J'invoquerai l'histoire : notre conception de la citoyenneté est le fruit d'un projet politique. D'autres nations, qui ont accordé le droit de vote aux étrangers aux élections locales, ont décidé que leur socle serait culturel quand le nôtre est profondément politique. La Révolution française a décidé de créer une nation à partir de l'adhésion à trois principes fondamentaux gravés au fronton de nos bâtiments publics – Liberté-Égalité-Fraternité –, principes auxquels on a ajouté, en 1905, celui de laïcité. C'est cet acte de volonté qui reste nécessaire pour devenir français, rien d'autre.
Ainsi, les députés de l'opposition qui ont évoqué la citoyenneté européenne ont-ils raison : celle-ci est fondée sur un acte de volonté, celle de construire une autre entité, une nouvelle citoyenneté. Il n'est donc, à mes yeux, pas normal qu'ils n'aient pas le droit de vote à toutes les élections et qu'ils se retrouvent aujourd'hui des électeurs amputés d'une partie de leurs droits.
En outre, nous ne comprenons pas la volonté de l'opposition de découper le citoyen en tranches, si l'on ose dire. Selon le texte, les étrangers extra-communautaires ne bénéficieraient du droit de vote qu'aux élections municipales, soit parce qu'ils paient des impôts municipaux soit parce que leurs enfants fréquentent l'école maternelle ou l'école primaire. Mais dès lors que ces derniers passeraient au collège, leurs parents ne seraient-ils plus citoyens et les belles envolées lyriques dont vous nous avez gratifiés n'auraient-elles plus d'objet ? (Applaudissements sur quelques bancs du groupe UMP. – Exclamations sur les bancs des groupes SRC et GDR.) Même chose lorsque ces enfants deviendraient lycéens.
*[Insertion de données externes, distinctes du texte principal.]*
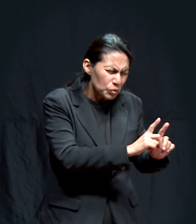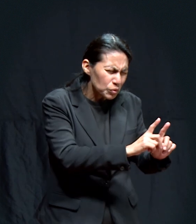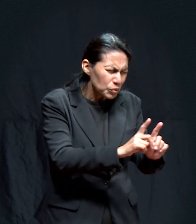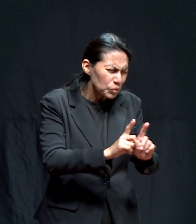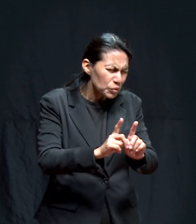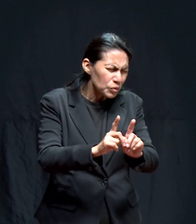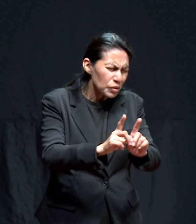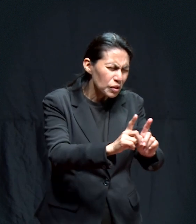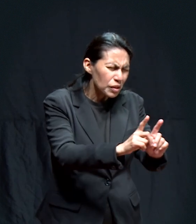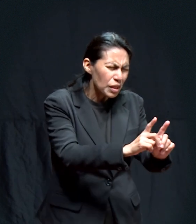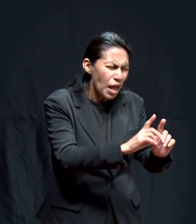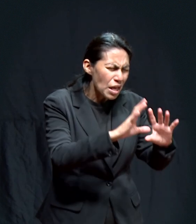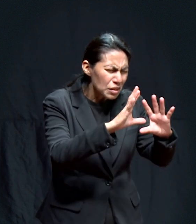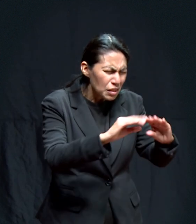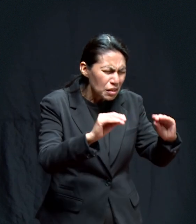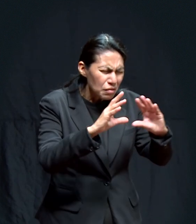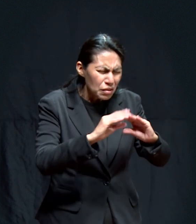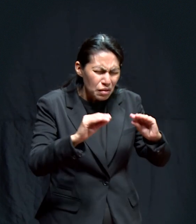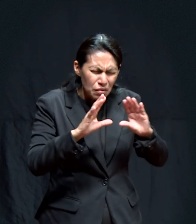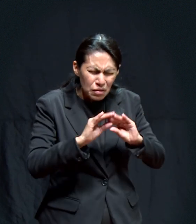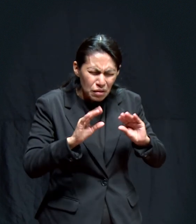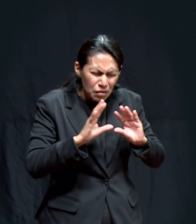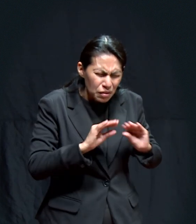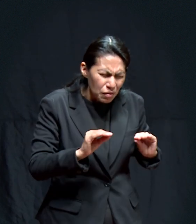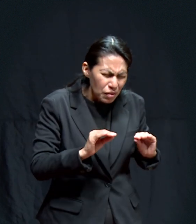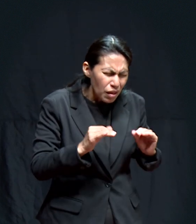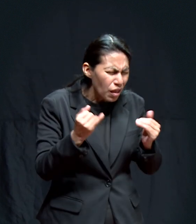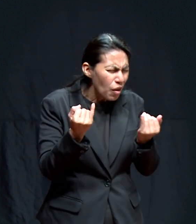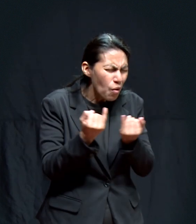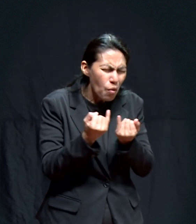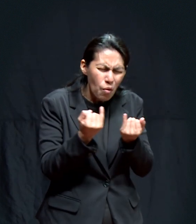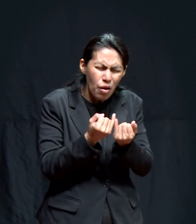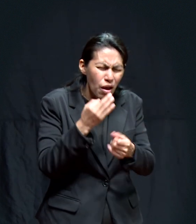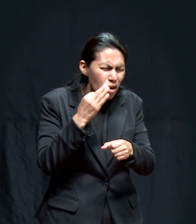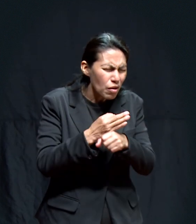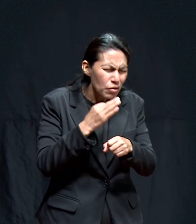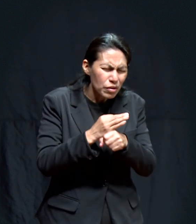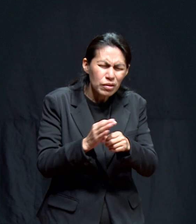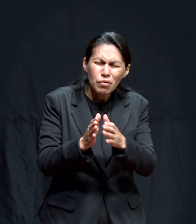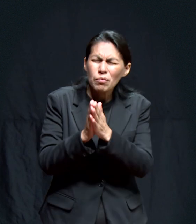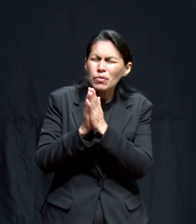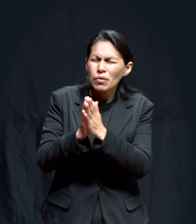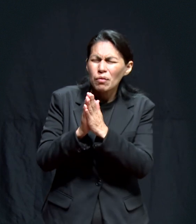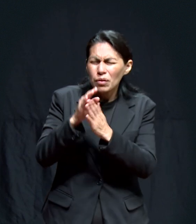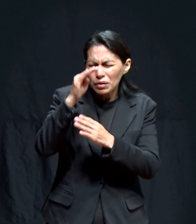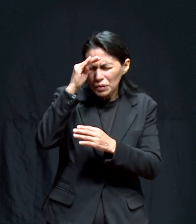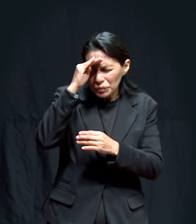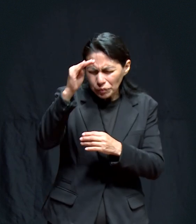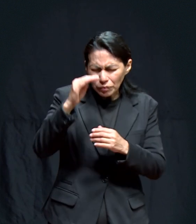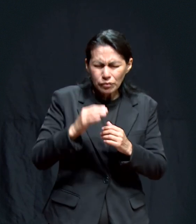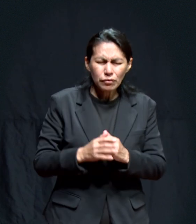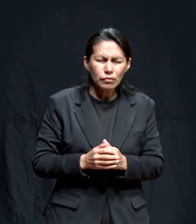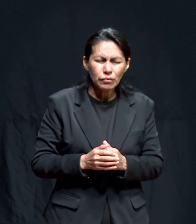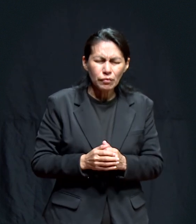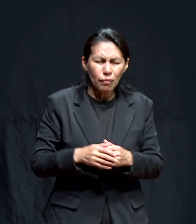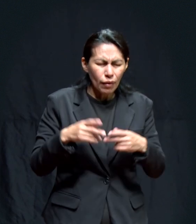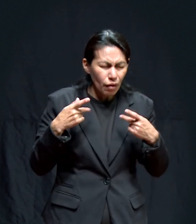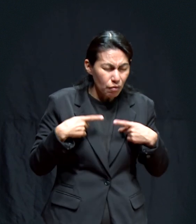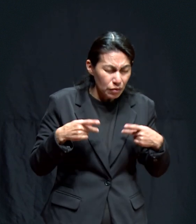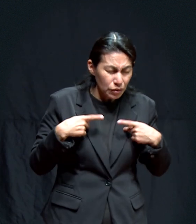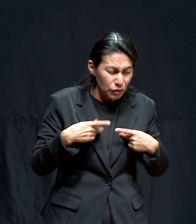Así ayuda A toda esa gente A contemplarte Y a sentir Señor Que tú estás ahí

Lorsque, au ministère de l'éducation nationale, on fixe les programmes des collèges et lycées, les parents en question n'auraient-ils tout à coup plus rien à dire ?
Il y a une grande hypocrisie à découper ainsi la citoyenneté : selon le système que vous voulez instaurer, les étrangers concernés auraient le droit, en certaines occasions, de s'exprimer et, en d'autres circonstances, se retrouveraient privés de ce droit. Nous pensons que la bonne solution n'est pas celle que vous préconisez.
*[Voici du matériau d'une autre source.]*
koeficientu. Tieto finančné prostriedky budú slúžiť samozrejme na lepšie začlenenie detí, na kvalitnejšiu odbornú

Mieux vaudrait faciliter l'accès à la nationalité française pour ceux qui en font la demande. Tâchons de faire en sorte que les étrangers qui deviennent citoyens français et que nous honorons d'une réception dans nos mairies, n'aient pas attendu quatre, cinq ou six ans pour obtenir la nationalité. Nous devons permettre à un étranger résidant depuis suffisamment longtemps sur le territoire de l'acquérir en moins d'un an. C'est la tradition de la France. J'irai plus loin : quand un étranger vient renouveler son titre de séjour, on devrait lui proposer la nationalité française. J'y insiste, c'est la tradition de la France que de vouloir faire partager son projet et ses valeurs politiques à ceux qu'elle accueille sur son sol. Mais si nous devons le leur proposer, ils doivent garder le droit de refuser d'être citoyens français, donc de ne pas voter. (Applaudissements les bancs du groupe NC et sur de nombreux bancs du groupe UMP.)